I think it is more concise in patch v6.


>
> >> 4. Note that varlena.c has a static state variable, and a cleanup
> >> function that currently does:
> >>
> >> static void
> >> text_position_cleanup(TextPositionState *state)
> >> {
> >> /* no cleanup needed */
> >> }
> >>
> >> It seems to be the detoast iterator could be embedded in this state
> >> variable, and then free-ing can happen here. That has a possible
> >> advantage that the iterator struct would be on the same cache line as
> >> the state data.

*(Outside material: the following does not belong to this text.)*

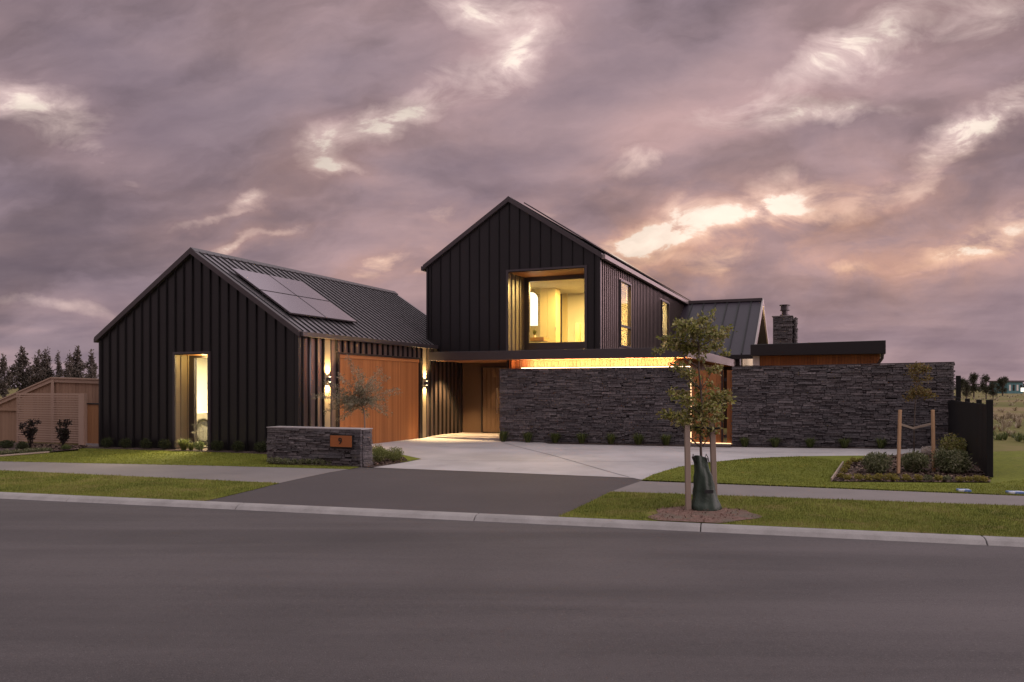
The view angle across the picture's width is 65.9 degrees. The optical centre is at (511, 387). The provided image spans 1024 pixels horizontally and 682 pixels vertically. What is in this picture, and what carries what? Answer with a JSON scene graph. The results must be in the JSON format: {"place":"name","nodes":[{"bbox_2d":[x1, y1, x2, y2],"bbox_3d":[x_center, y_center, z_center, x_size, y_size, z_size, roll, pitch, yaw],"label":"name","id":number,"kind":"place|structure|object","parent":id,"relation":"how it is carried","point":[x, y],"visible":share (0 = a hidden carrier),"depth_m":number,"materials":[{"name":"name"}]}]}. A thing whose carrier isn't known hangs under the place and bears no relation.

That would also remove the need to pass "iter" as a
> >> parameter, since these functions already pass "state". I'm not sure if
> >> this would be good for other users of the iterator, so maybe we can
> >> hold off on that for now.
> >
> >
> > Good idea. I've implemented it in patch v6.
>
> That's better, and I think we can take it a little bit farther.
>
> 1. Notice that TextPositionState is allocated on the stack in
> text_position(), which passes both the "state" pointer and the "iter"
> pointer to text_position_setup(), and only then sets state->iter =
> iter. We can easily set this inside text_position(). That would get
> rid of the need for other callers to pass NULL iter to
> text_position_setup().
>

Done.


> 2. DetoastIteratorData is fixed size, so I see no reason to allocate
> it on the heap. We could allocate it on the stack in text_pos(), and
> pass the pointer to create_detoast_iterator() (in this case maybe a
> better name is init_detoast_iterator), which would return a bool to
> tell text_pos() whether to pass down the pointer or a NULL. The
> allocation of other structs (toast buffer and fetch iterator) probably
> can't be changed without more work.
>

Done

If there is anything else that is not explained clearly, please point it
out.

-- 
Best regards,
Binguo Bao
From 8971fbdc8c072f72918a46feec65e385995660b1 Mon Sep 17 00:00:00 2001
From: BBG <djydew...@gmail.com>
Date: Tue, 4 Jun 2019 22:56:42 +0800
Subject: [PATCH] de-TOASTing using a iterator

---
 src/backend/access/heap/tuptoaster.c | 458 +++++++++++++++++++++++++++++++++++
 src/backend/utils/adt/varlena.c      |  37 ++-
 src/include/access/tuptoaster.h      |  90 +++++++
 src/include/fmgr.h                   |   7 +
 4 files changed, 586 insertions(+), 6 deletions(-)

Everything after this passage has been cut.